Mr Oakes: Milk Link.
Q399 Chairman:
Can I just ask you about this ACC thing? I am struggling to find
anybody I have talked to in the industry who does not think you
paid anything but absolute top dollar for this investment. You
had due diligence done. Why were you convinced that that was the
right price to pay? You paid, what, about £70 million for
it?
Mr Oakes: Yes. We had a board
made up of farmers and other non-execs who were not farmers. We
had advice from Rabobank, advice on the price, plus Smith &
Williamson. The one thing we did not know was whether anybody
else was bidding. It was an open tender process where you had
to make some kind of assumption on what your competitors were
bidding. We believed at one point there were five competitors.
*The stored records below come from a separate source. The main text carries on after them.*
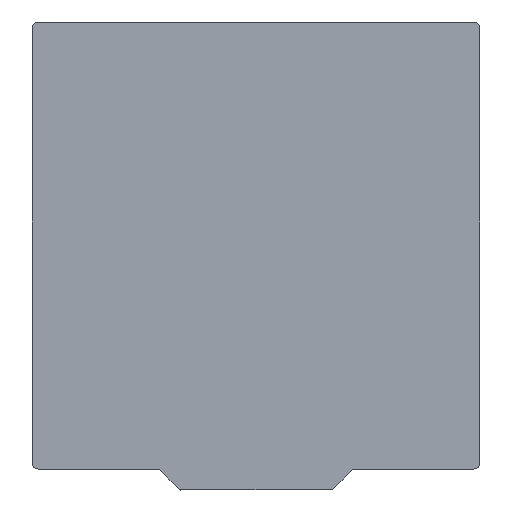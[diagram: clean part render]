
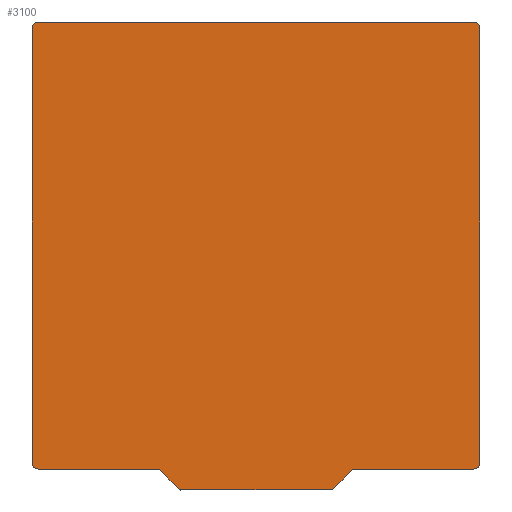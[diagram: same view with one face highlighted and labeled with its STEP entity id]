
A CAD part, top view. The second image highlights one B-rep face of the part: STEP entity #3100.
In plain terms, the highlighted face is planar.
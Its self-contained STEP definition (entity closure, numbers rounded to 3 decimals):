
#236=CIRCLE('',#3373,1.);
#238=CIRCLE('',#3377,1.);
#239=CIRCLE('',#3378,3.);
#240=CIRCLE('',#3379,3.);
#241=CIRCLE('',#3380,3.);
#242=CIRCLE('',#3381,3.);
#243=CIRCLE('',#3382,1.);
#244=CIRCLE('',#3383,1.);
#397=FACE_OUTER_BOUND('',#621,.T.);
#621=EDGE_LOOP('',(#2759,#2760,#2761,#2762,#2763,#2764,#2765,#2766,#2767,
#2768,#2769,#2770,#2771,#2772,#2773,#2774));
#936=LINE('',#5046,#1265);
#939=LINE('',#5052,#1268);
#940=LINE('',#5056,#1269);
#941=LINE('',#5060,#1270);
#942=LINE('',#5064,#1271);
#943=LINE('',#5068,#1272);
#944=LINE('',#5072,#1273);
#945=LINE('',#5076,#1274);
#1265=VECTOR('',#4165,10.);
#1268=VECTOR('',#4170,10.);
#1269=VECTOR('',#4173,10.);
#1270=VECTOR('',#4176,10.);
#1271=VECTOR('',#4179,10.);
#1272=VECTOR('',#4182,10.);
#1273=VECTOR('',#4185,10.);
#1274=VECTOR('',#4188,10.);
#1549=VERTEX_POINT('',#5036);
#1550=VERTEX_POINT('',#5037);
#1553=VERTEX_POINT('',#5045);
#1555=VERTEX_POINT('',#5051);
#1556=VERTEX_POINT('',#5053);
#1557=VERTEX_POINT('',#5055);
#1558=VERTEX_POINT('',#5057);
#1559=VERTEX_POINT('',#5059);
#1560=VERTEX_POINT('',#5061);
#1561=VERTEX_POINT('',#5063);
#1562=VERTEX_POINT('',#5065);
#1563=VERTEX_POINT('',#5067);
#1564=VERTEX_POINT('',#5069);
#1565=VERTEX_POINT('',#5071);
#1566=VERTEX_POINT('',#5073);
#1567=VERTEX_POINT('',#5075);
#1955=EDGE_CURVE('',#1549,#1550,#236,.T.);
#1959=EDGE_CURVE('',#1553,#1550,#936,.T.);
#1962=EDGE_CURVE('',#1555,#1549,#939,.T.);
#1963=EDGE_CURVE('',#1556,#1555,#238,.T.);
#1964=EDGE_CURVE('',#1556,#1557,#940,.T.);
#1965=EDGE_CURVE('',#1557,#1558,#239,.T.);
#1966=EDGE_CURVE('',#1558,#1559,#941,.T.);
#1967=EDGE_CURVE('',#1559,#1560,#240,.T.);
#1968=EDGE_CURVE('',#1560,#1561,#942,.T.);
#1969=EDGE_CURVE('',#1561,#1562,#241,.T.);
#1970=EDGE_CURVE('',#1562,#1563,#943,.T.);
#1971=EDGE_CURVE('',#1563,#1564,#242,.T.);
#1972=EDGE_CURVE('',#1564,#1565,#944,.T.);
#1973=EDGE_CURVE('',#1566,#1565,#243,.T.);
#1974=EDGE_CURVE('',#1567,#1566,#945,.T.);
#1975=EDGE_CURVE('',#1553,#1567,#244,.T.);
#2759=ORIENTED_EDGE('',*,*,#1955,.F.);
#2760=ORIENTED_EDGE('',*,*,#1962,.F.);
#2761=ORIENTED_EDGE('',*,*,#1963,.F.);
#2762=ORIENTED_EDGE('',*,*,#1964,.T.);
#2763=ORIENTED_EDGE('',*,*,#1965,.T.);
#2764=ORIENTED_EDGE('',*,*,#1966,.T.);
#2765=ORIENTED_EDGE('',*,*,#1967,.T.);
#2766=ORIENTED_EDGE('',*,*,#1968,.T.);
#2767=ORIENTED_EDGE('',*,*,#1969,.T.);
#2768=ORIENTED_EDGE('',*,*,#1970,.T.);
#2769=ORIENTED_EDGE('',*,*,#1971,.T.);
#2770=ORIENTED_EDGE('',*,*,#1972,.T.);
#2771=ORIENTED_EDGE('',*,*,#1973,.F.);
#2772=ORIENTED_EDGE('',*,*,#1974,.F.);
#2773=ORIENTED_EDGE('',*,*,#1975,.F.);
#2774=ORIENTED_EDGE('',*,*,#1959,.T.);
#2946=PLANE('',#3376);
#3100=ADVANCED_FACE('',(#397),#2946,.T.);
#3373=AXIS2_PLACEMENT_3D('',#5038,#4157,#4158);
#3376=AXIS2_PLACEMENT_3D('',#5050,#4168,#4169);
#3377=AXIS2_PLACEMENT_3D('',#5054,#4171,#4172);
#3378=AXIS2_PLACEMENT_3D('',#5058,#4174,#4175);
#3379=AXIS2_PLACEMENT_3D('',#5062,#4177,#4178);
#3380=AXIS2_PLACEMENT_3D('',#5066,#4180,#4181);
#3381=AXIS2_PLACEMENT_3D('',#5070,#4183,#4184);
#3382=AXIS2_PLACEMENT_3D('',#5074,#4186,#4187);
#3383=AXIS2_PLACEMENT_3D('',#5077,#4189,#4190);
#4157=DIRECTION('center_axis',(0.,-1.,0.));
#4158=DIRECTION('ref_axis',(0.383,0.,0.924));
#4165=DIRECTION('',(1.,0.,0.));
#4168=DIRECTION('center_axis',(0.,1.,0.));
#4169=DIRECTION('ref_axis',(-1.,0.,0.));
#4170=DIRECTION('',(-0.707,0.,0.707));
#4171=DIRECTION('center_axis',(0.,1.,0.));
#4172=DIRECTION('ref_axis',(-0.383,0.,-0.924));
#4173=DIRECTION('',(1.,0.,0.));
#4174=DIRECTION('center_axis',(0.,1.,0.));
#4175=DIRECTION('ref_axis',(0.,0.,
1.));
#4176=DIRECTION('',(0.,0.,-1.));
#4177=DIRECTION('center_axis',(0.,1.,0.));
#4178=DIRECTION('ref_axis',(1.,0.,0.));
#4179=DIRECTION('',(-1.,0.,0.));
#4180=DIRECTION('center_axis',(0.,1.,0.));
#4181=DIRECTION('ref_axis',(0.,0.,-1.));
#4182=DIRECTION('',(0.,0.,1.));
#4183=DIRECTION('center_axis',(0.,1.,0.));
#4184=DIRECTION('ref_axis',(-1.,0.,0.));
#4185=DIRECTION('',(1.,0.,0.));
#4186=DIRECTION('center_axis',(0.,1.,0.));
#4187=DIRECTION('ref_axis',(0.383,0.,-0.924));
#4188=DIRECTION('',(-0.707,0.,-0.707));
#4189=DIRECTION('center_axis',(0.,-1.,0.));
#4190=DIRECTION('ref_axis',(-0.383,0.,0.924));
#5036=CARTESIAN_POINT('',(-339.476,-92.618,698.089));
#5037=CARTESIAN_POINT('',(-340.183,-92.618,698.381));
#5038=CARTESIAN_POINT('Origin',(-340.183,-92.618,697.381));
#5045=CARTESIAN_POINT('',(-419.355,-92.618,698.381));
#5046=CARTESIAN_POINT('',(-419.769,-92.618,698.381));
#5050=CARTESIAN_POINT('Origin',(-379.769,-92.618,575.381));
#5051=CARTESIAN_POINT('',(-329.062,-92.618,687.674));
#5052=CARTESIAN_POINT('',(-316.269,-92.618,674.881));
#5053=CARTESIAN_POINT('',(-328.355,-92.618,687.381));
#5054=CARTESIAN_POINT('Origin',(-328.355,-92.618,688.381));
#5055=CARTESIAN_POINT('',(-265.269,-92.618,687.381));
#5056=CARTESIAN_POINT('',(-497.269,-92.618,687.381));
#5057=CARTESIAN_POINT('',(-262.269,-92.618,684.381));
#5058=CARTESIAN_POINT('Origin',(-265.269,-92.618,684.381));
#5059=CARTESIAN_POINT('',(-262.269,-92.618,455.381));
#5060=CARTESIAN_POINT('',(-262.269,-92.618,687.381));
#5061=CARTESIAN_POINT('',(-265.269,-92.618,452.381));
#5062=CARTESIAN_POINT('Origin',(-265.269,-92.618,455.381));
#5063=CARTESIAN_POINT('',(-494.269,-92.618,452.381));
#5064=CARTESIAN_POINT('',(-262.269,-92.618,452.381));
#5065=CARTESIAN_POINT('',(-497.269,-92.618,455.381));
#5066=CARTESIAN_POINT('Origin',(-494.269,-92.618,455.381));
#5067=CARTESIAN_POINT('',(-497.269,-92.618,684.381));
#5068=CARTESIAN_POINT('',(-497.269,-92.618,452.381));
#5069=CARTESIAN_POINT('',(-494.269,-92.618,687.381));
#5070=CARTESIAN_POINT('Origin',(-494.269,-92.618,684.381));
#5071=CARTESIAN_POINT('',(-431.183,-92.618,687.381));
#5072=CARTESIAN_POINT('',(-497.269,-92.618,687.381));
#5073=CARTESIAN_POINT('',(-430.476,-92.618,687.674));
#5074=CARTESIAN_POINT('Origin',(-431.183,-92.618,688.381));
#5075=CARTESIAN_POINT('',(-420.062,-92.618,698.089));
#5076=CARTESIAN_POINT('',(-443.269,-92.618,674.881));
#5077=CARTESIAN_POINT('Origin',(-419.355,-92.618,697.381));

That got down to what we believed were two other serious competitors,
both PLCs, and the advice that we were given was that the price
we bid at the end of the day was what it would take to look to
acquire those factories. We also believed that it was not actually
the highest bid. Only the o-op knows that. Perhaps they will tell
you. They will not tell us, I am sure, but if some of the PLCs
had bought it there would have been far more redundancies on day
one. We put into our bid some kind of value. We wanted to run
those factories and we believed that that was worth something
to the Co-operative Society. Rightly or wrongly, that was the
view that we took. We took a lot of advice. There were warranties
and guarantees that what we said we bought was what it was. Unfortunately,
some of it was not and I am sure we will get on to that but when
we bid for that it was not a figure we plucked out of the air.